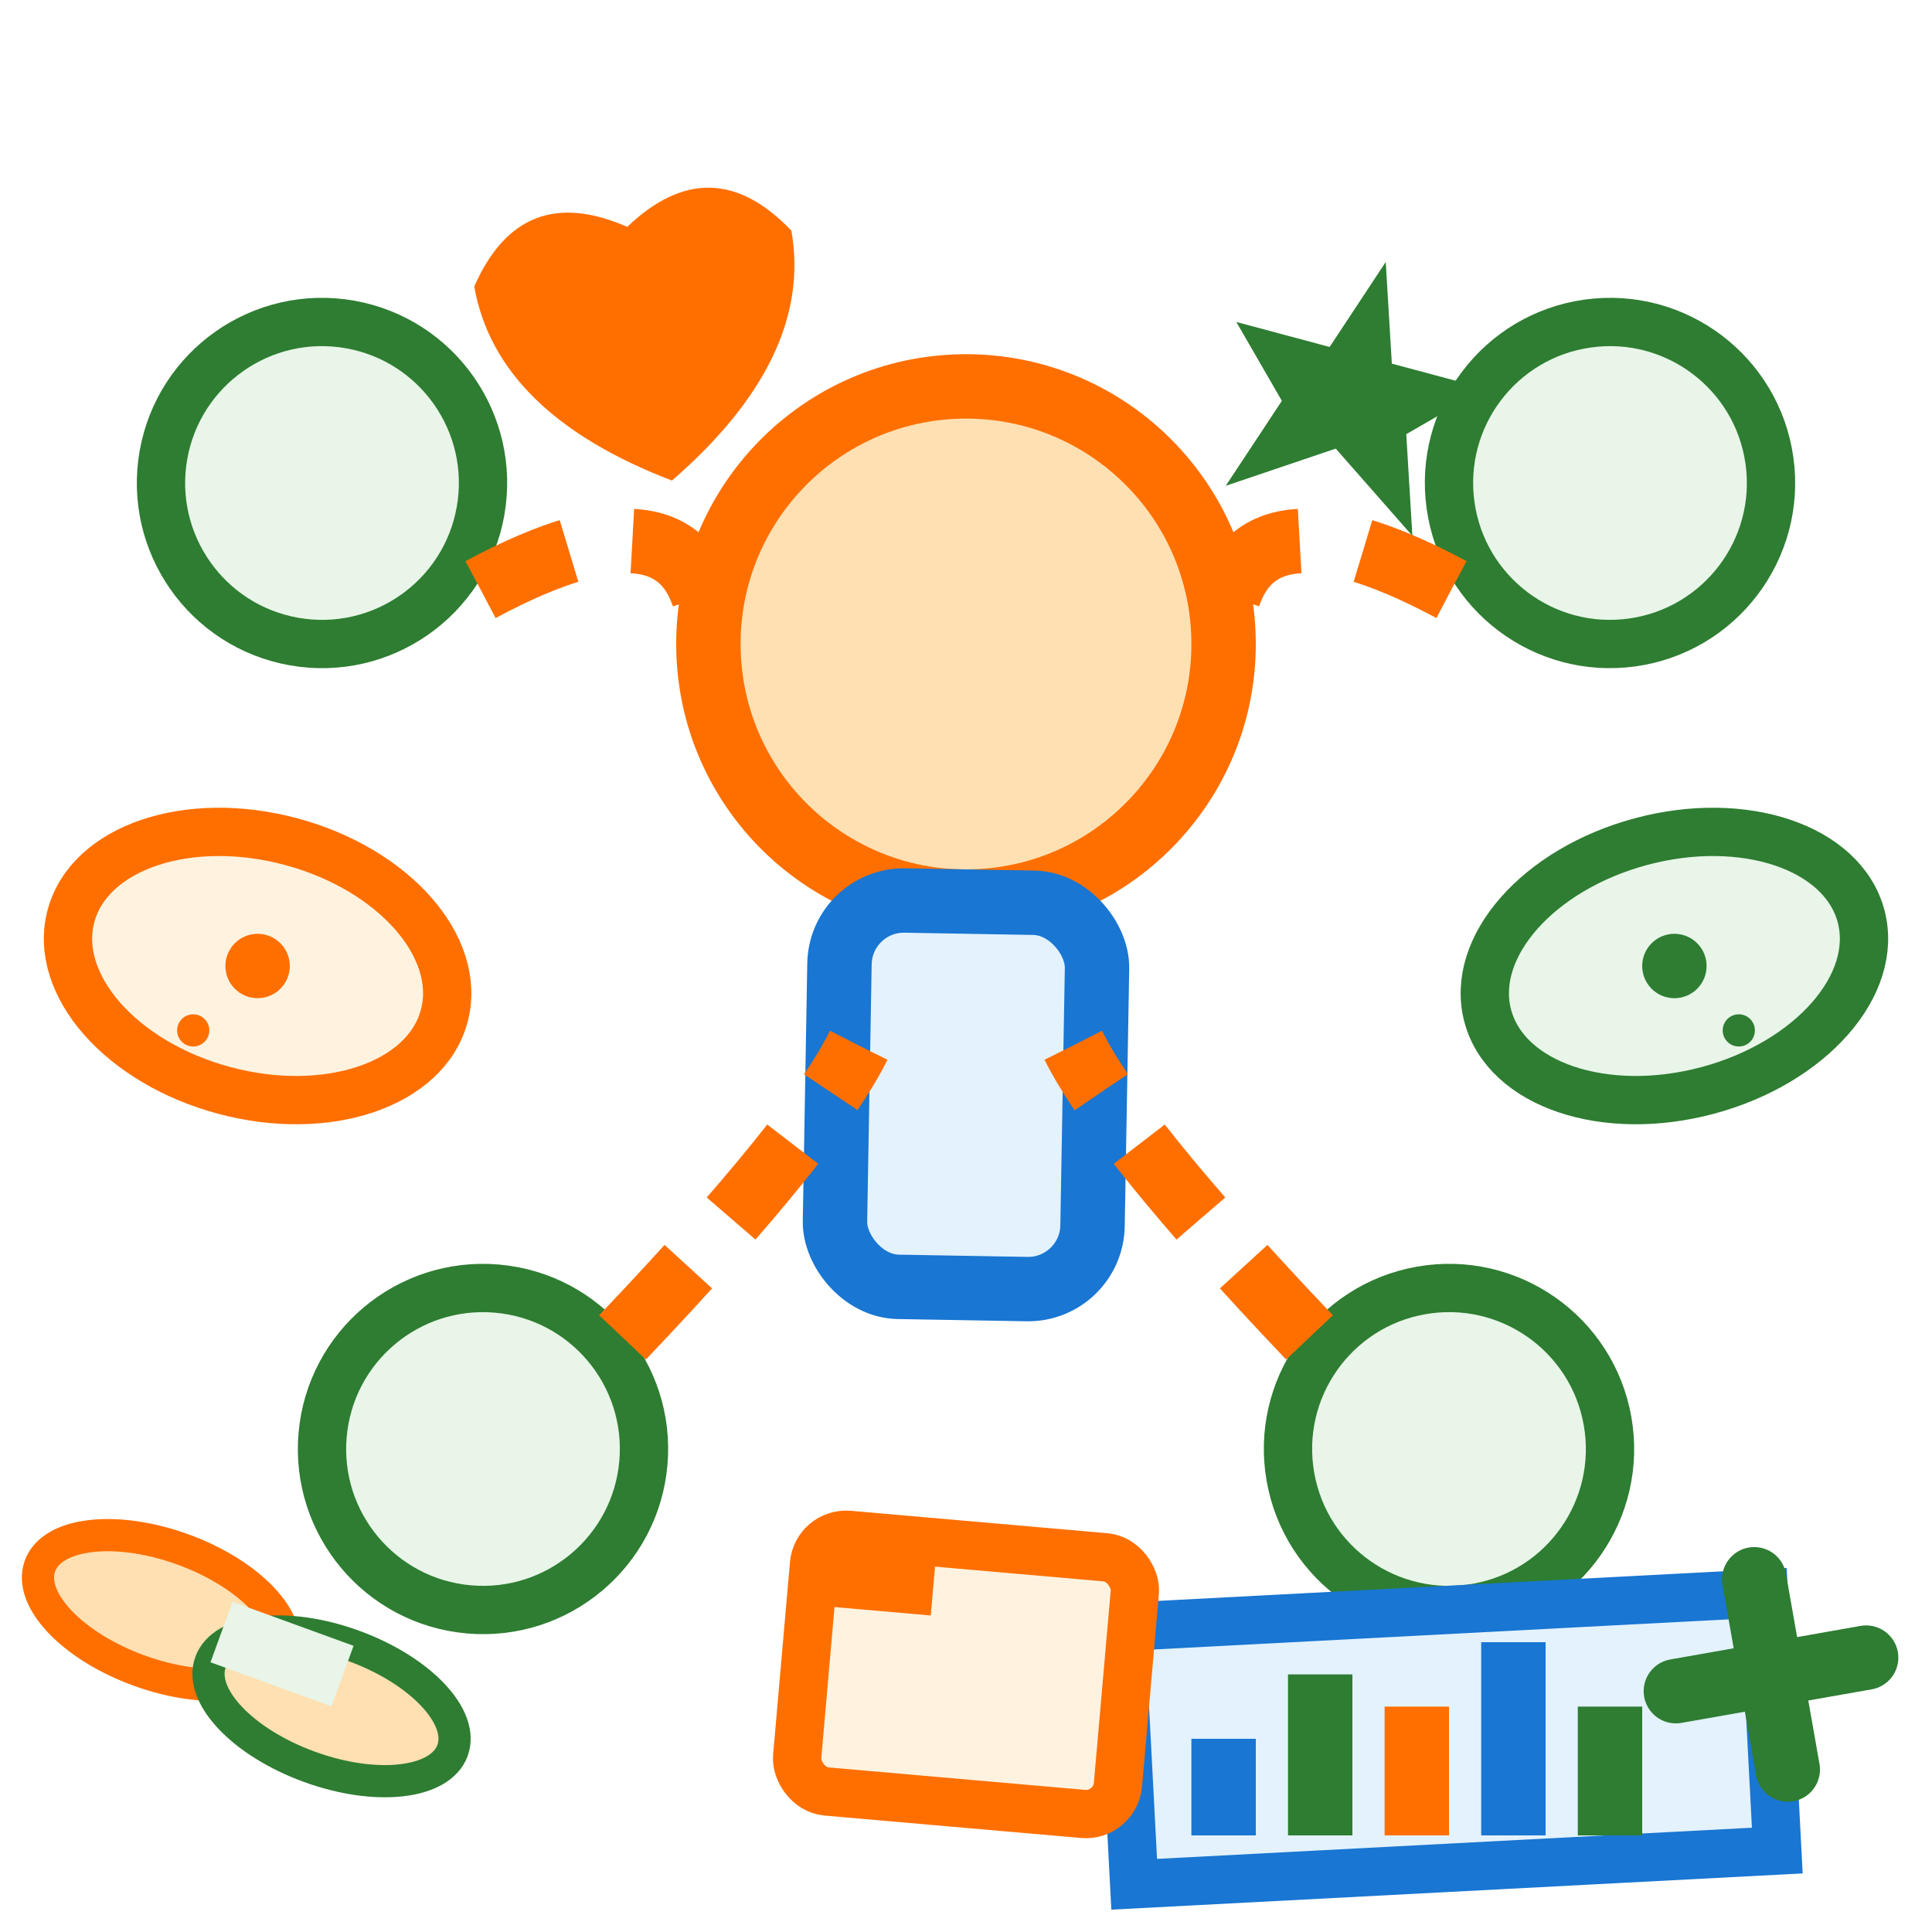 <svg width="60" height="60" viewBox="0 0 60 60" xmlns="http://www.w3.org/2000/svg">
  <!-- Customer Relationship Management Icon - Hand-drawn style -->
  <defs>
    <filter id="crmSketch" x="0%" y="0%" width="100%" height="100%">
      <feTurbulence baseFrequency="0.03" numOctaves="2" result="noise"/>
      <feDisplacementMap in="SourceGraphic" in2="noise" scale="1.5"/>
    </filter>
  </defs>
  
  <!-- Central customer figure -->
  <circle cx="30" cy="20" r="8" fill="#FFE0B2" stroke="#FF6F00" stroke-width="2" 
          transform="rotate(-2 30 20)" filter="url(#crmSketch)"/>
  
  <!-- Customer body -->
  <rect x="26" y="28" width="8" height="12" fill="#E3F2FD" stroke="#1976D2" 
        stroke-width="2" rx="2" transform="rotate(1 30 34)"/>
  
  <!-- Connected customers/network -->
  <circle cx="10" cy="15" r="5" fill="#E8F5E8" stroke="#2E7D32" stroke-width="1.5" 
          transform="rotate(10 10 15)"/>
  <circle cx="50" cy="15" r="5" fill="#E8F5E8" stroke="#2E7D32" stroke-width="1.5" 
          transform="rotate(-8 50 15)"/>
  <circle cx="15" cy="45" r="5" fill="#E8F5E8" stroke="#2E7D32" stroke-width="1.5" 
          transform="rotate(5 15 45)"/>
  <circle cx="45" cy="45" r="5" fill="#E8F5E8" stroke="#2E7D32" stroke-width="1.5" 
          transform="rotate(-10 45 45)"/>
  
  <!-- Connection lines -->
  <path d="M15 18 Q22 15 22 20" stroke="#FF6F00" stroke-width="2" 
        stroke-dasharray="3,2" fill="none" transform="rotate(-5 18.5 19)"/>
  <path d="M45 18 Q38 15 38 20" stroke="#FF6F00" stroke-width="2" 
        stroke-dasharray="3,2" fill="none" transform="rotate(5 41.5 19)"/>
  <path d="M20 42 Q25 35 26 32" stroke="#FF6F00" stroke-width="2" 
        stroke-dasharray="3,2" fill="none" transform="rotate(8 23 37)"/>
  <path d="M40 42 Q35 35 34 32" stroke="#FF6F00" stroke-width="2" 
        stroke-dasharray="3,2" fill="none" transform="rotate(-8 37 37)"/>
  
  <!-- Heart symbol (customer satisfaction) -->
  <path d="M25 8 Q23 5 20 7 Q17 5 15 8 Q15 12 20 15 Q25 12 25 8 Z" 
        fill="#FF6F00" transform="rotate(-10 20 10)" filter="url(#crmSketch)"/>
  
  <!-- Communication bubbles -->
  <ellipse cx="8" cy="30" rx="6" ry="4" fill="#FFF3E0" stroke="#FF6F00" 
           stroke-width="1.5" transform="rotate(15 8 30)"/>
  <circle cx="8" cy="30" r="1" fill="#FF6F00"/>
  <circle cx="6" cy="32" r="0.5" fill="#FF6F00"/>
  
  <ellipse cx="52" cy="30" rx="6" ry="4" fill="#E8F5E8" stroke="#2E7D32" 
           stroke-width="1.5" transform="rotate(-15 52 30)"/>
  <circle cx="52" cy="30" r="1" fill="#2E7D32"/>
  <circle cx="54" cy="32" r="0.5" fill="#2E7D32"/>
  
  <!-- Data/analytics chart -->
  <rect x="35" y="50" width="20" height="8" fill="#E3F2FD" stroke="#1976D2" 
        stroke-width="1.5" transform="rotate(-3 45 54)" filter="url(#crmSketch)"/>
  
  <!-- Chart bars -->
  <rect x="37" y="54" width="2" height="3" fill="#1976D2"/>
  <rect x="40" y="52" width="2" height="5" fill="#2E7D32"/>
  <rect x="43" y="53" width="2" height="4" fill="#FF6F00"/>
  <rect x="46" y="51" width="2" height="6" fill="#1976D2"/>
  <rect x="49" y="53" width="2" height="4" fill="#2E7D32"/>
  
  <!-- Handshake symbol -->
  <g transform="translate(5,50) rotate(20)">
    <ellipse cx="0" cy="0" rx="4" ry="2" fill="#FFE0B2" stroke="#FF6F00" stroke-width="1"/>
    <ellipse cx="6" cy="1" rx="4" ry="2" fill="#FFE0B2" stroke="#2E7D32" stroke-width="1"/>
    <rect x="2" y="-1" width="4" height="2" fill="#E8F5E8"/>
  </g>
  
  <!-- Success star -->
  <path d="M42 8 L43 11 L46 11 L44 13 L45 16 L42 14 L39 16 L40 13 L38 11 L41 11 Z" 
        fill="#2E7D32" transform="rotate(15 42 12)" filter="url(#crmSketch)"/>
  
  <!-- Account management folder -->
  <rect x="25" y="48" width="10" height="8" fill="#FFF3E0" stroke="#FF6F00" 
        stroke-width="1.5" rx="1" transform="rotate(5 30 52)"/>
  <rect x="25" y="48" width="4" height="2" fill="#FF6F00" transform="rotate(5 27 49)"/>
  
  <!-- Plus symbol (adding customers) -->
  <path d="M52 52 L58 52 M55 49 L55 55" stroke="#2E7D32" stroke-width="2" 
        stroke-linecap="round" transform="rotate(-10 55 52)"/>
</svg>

DIRECTIONS – Scan the preceding listing for the string "none" and copy every line where it occurs.

ANSWER BELOW –
        stroke-dasharray="3,2" fill="none" transform="rotate(-5 18.5 19)"/>
        stroke-dasharray="3,2" fill="none" transform="rotate(5 41.5 19)"/>
        stroke-dasharray="3,2" fill="none" transform="rotate(8 23 37)"/>
        stroke-dasharray="3,2" fill="none" transform="rotate(-8 37 37)"/>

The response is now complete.